21st Builds the Production Layer for AI Agents
21st, the YC W26 startup behind the largest React component registry for AI applications, is launching a new SDK that lets developers deploy frontier AI agents inside their products without building the underlying infrastructure from scratch. The company's component registry is already used by 1.4M developers. 21st is backed by Pioneer Fund.
The new 21st Agents SDK targets a specific pain point: AI agents like Claude Code and OpenAI's Codex aren't simple API calls. They're full runtimes that need persistent sandboxes, filesystem access, and bash execution. That means you can't just host them on platforms like Vercel and call it a day. The SDK lets developers define an agent in TypeScript, deploy in one command, and get built-in streaming, session management, usage billing, and observability.

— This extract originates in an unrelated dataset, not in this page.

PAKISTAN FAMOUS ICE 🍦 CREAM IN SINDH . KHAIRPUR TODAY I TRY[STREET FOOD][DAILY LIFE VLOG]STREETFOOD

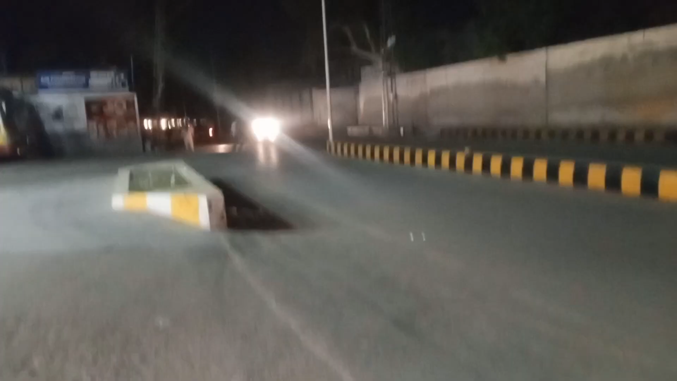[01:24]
तो गाइज अगर आपको मैं एड्रेस बता हूं तो यह है नाजा पाइलेट्री स्कूल का रोड जहां पर आपको यह मिलेगा टोटल

Out of the box, the SDK provides sandboxed code execution powered by E2B, a credential security proxy layer, SSE streaming compatible with Vercel's AI SDK, pre-built chat UI with themes, and usage-based billing. It supports React, Next.js, Node, and Python.

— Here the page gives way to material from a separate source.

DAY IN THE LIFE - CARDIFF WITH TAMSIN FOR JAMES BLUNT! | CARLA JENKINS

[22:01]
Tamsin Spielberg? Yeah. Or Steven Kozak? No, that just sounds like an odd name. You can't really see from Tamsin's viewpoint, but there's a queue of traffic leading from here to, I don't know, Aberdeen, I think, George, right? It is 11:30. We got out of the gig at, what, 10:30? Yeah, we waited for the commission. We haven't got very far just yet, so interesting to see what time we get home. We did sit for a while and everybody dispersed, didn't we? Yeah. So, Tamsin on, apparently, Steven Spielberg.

The product grew directly from the team's own frustrations. Like many teams, they started building agents from scratch, but when Claude Code arrived, its reasoning, context handling, and developer workflows were far ahead of anything they had built themselves. That was the good news. The bad news was that getting Claude Code into a production environment took months of infrastructure work. They decided to turn that infrastructure into a product for other teams hitting the same wall.
Co-founders Serafim Korablev and Sergey Bunas have a track record of shipping developer tools quickly. The company rapidly built and launched 9 products in its first 10 months, amassing over 1 million users, and their open-source work has accumulated over 15,000 GitHub stars. Bunas was previously a senior software engineer at Deel (YC W19). Korablev previously co-founded Via, a cross-chain crypto routing protocol with $1.5B in gross transaction volume.
The timing of the launch reflects a broader shift in how AI agents are being built. Rather than creating agent logic from scratch, more teams are building on top of frontier agent runtimes from Anthropic, OpenAI, and others. But getting those agents to work reliably for end users remains a significant engineering challenge, one that 21st is now positioning itself to solve.